Activity: Without pictures, repeat the lines of the entries from the one containing "Bounding box: 10 x 9.5 x 6 mm (x, y, z)" through the last, both ends included, and nothing else.
──────── Records shown
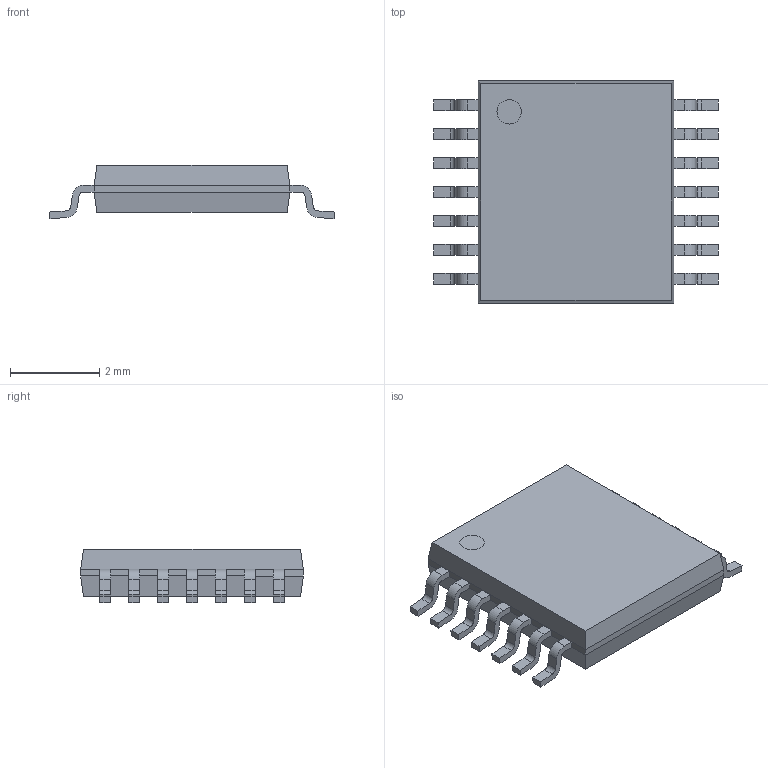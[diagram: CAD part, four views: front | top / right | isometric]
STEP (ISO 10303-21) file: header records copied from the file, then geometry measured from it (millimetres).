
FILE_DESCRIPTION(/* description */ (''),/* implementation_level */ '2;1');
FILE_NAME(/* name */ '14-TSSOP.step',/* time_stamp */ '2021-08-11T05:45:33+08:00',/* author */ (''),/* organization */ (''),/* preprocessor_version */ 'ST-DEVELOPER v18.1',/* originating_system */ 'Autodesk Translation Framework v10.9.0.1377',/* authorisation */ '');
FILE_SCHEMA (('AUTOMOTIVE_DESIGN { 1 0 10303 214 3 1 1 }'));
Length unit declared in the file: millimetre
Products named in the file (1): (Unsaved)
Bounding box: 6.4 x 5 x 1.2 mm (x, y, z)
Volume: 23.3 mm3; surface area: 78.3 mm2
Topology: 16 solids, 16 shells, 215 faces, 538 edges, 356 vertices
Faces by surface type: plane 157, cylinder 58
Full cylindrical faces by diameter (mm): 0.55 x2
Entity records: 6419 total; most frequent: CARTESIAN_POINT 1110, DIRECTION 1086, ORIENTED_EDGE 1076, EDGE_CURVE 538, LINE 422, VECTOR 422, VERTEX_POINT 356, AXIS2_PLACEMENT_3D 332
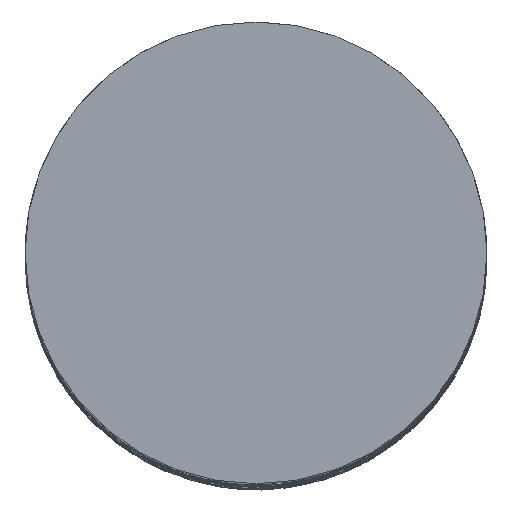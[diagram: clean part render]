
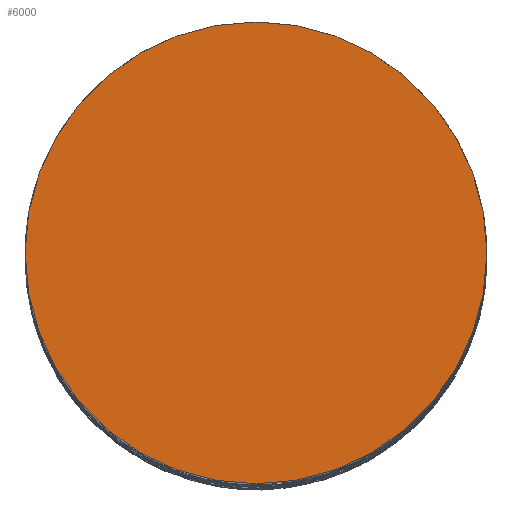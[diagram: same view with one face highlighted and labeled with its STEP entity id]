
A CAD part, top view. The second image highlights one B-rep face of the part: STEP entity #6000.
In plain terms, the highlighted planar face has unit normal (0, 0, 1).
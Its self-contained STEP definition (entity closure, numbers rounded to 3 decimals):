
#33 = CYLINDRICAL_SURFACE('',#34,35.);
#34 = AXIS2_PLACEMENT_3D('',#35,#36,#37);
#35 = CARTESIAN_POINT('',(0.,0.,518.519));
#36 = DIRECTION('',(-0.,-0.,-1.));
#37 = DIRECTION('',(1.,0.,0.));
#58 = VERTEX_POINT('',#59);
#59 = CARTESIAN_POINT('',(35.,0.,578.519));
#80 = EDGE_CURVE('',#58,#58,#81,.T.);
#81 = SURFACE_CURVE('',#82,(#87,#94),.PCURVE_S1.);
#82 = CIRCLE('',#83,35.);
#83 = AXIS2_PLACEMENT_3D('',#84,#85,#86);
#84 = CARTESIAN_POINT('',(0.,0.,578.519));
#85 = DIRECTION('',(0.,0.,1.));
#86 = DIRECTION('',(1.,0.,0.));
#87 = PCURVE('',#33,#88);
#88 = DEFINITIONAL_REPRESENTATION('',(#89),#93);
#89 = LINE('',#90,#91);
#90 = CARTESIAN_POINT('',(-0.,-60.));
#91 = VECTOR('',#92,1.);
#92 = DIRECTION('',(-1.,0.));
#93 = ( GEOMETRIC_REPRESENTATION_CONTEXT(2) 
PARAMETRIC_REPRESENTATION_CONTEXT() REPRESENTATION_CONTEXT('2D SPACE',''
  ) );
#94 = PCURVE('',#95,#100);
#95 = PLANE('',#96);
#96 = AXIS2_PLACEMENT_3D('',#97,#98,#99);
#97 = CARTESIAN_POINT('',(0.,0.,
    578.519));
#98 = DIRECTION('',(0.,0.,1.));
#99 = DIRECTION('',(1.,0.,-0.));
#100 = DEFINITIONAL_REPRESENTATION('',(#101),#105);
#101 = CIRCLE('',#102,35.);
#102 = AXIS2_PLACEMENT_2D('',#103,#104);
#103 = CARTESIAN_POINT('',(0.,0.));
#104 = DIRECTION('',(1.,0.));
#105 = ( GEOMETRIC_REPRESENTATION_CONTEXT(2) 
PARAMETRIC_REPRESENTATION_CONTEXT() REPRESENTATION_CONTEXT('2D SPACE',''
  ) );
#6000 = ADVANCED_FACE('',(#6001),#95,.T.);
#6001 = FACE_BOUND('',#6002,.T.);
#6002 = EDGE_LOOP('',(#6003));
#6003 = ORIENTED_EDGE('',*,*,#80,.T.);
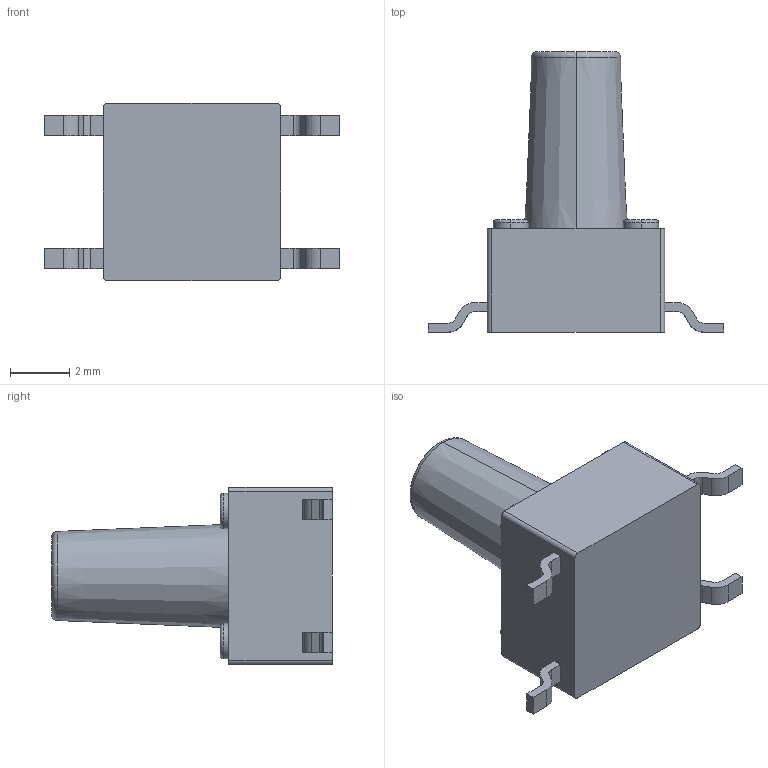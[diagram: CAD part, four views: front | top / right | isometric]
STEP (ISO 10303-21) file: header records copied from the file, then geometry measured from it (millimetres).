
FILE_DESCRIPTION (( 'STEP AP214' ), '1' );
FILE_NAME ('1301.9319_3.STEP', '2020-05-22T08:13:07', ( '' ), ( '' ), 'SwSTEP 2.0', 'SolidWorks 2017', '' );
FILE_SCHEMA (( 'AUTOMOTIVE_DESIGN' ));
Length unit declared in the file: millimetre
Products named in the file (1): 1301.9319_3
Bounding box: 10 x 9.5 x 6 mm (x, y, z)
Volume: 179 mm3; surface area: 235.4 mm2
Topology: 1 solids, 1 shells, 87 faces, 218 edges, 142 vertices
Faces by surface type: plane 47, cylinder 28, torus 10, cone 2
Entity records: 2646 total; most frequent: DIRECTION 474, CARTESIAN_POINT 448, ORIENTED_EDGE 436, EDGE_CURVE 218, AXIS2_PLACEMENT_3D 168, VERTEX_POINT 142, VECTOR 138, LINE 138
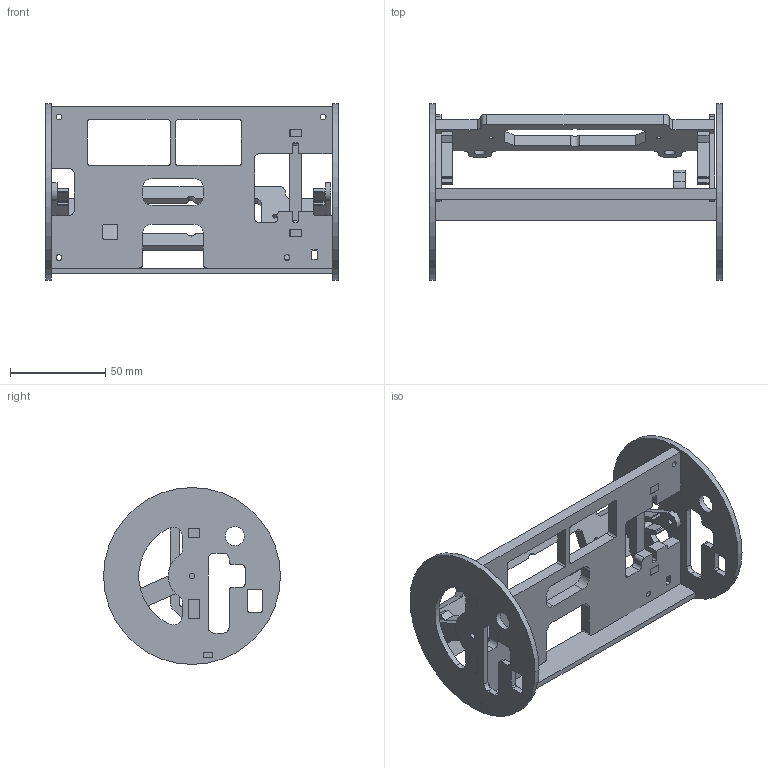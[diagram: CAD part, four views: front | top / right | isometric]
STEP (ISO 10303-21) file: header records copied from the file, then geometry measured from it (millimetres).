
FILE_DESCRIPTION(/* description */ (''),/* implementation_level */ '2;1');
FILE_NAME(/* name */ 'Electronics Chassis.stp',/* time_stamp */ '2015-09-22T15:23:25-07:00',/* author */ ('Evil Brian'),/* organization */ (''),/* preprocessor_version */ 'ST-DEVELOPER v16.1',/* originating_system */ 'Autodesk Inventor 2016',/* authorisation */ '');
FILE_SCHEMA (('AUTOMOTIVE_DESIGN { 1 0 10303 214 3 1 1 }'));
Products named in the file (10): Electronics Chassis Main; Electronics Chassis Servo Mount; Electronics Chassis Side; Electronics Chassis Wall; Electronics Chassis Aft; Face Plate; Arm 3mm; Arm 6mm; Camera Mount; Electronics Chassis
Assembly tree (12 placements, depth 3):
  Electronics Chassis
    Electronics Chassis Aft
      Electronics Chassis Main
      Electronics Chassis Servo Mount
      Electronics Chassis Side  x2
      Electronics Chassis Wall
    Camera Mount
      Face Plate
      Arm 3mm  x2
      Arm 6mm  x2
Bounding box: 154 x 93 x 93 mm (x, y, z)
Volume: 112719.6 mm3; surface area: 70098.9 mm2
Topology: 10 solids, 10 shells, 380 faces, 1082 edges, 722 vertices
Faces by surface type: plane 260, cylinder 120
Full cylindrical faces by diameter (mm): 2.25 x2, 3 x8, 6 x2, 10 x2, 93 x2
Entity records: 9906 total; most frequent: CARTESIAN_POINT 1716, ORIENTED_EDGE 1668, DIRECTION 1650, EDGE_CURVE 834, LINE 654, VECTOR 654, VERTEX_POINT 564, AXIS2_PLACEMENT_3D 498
────────────────
Written reply:
Bounding box: 10 x 9.5 x 6 mm (x, y, z)
Volume: 179 mm3; surface area: 235.4 mm2
Topology: 1 solids, 1 shells, 87 faces, 218 edges, 142 vertices
Faces by surface type: plane 47, cylinder 28, torus 10, cone 2
Entity records: 2646 total; most frequent: DIRECTION 474, CARTESIAN_POINT 448, ORIENTED_EDGE 436, EDGE_CURVE 218, AXIS2_PLACEMENT_3D 168, VERTEX_POINT 142, VECTOR 138, LINE 138
[diagram: CAD part, four views: front | top / right | isometric]
STEP (ISO 10303-21) file: header records copied from the file, then geometry measured from it (millimetres).
FILE_DESCRIPTION(/* description */ (''),/* implementation_level */ '2;1');
FILE_NAME(/* name */ 'Electronics Chassis.stp',/* time_stamp */ '2015-09-22T15:23:25-07:00',/* author */ ('Evil Brian'),/* organization */ (''),/* preprocessor_version */ 'ST-DEVELOPER v16.1',/* originating_system */ 'Autodesk Inventor 2016',/* authorisation */ '');
FILE_SCHEMA (('AUTOMOTIVE_DESIGN { 1 0 10303 214 3 1 1 }'));
Products named in the file (10): Electronics Chassis Main; Electronics Chassis Servo Mount; Electronics Chassis Side; Electronics Chassis Wall; Electronics Chassis Aft; Face Plate; Arm 3mm; Arm 6mm; Camera Mount; Electronics Chassis
Assembly tree (12 placements, depth 3):
  Electronics Chassis
    Electronics Chassis Aft
      Electronics Chassis Main
      Electronics Chassis Servo Mount
      Electronics Chassis Side  x2
      Electronics Chassis Wall
    Camera Mount
      Face Plate
      Arm 3mm  x2
      Arm 6mm  x2
Bounding box: 154 x 93 x 93 mm (x, y, z)
Volume: 112719.6 mm3; surface area: 70098.9 mm2
Topology: 10 solids, 10 shells, 380 faces, 1082 edges, 722 vertices
Faces by surface type: plane 260, cylinder 120
Full cylindrical faces by diameter (mm): 2.25 x2, 3 x8, 6 x2, 10 x2, 93 x2
Entity records: 9906 total; most frequent: CARTESIAN_POINT 1716, ORIENTED_EDGE 1668, DIRECTION 1650, EDGE_CURVE 834, LINE 654, VECTOR 654, VERTEX_POINT 564, AXIS2_PLACEMENT_3D 498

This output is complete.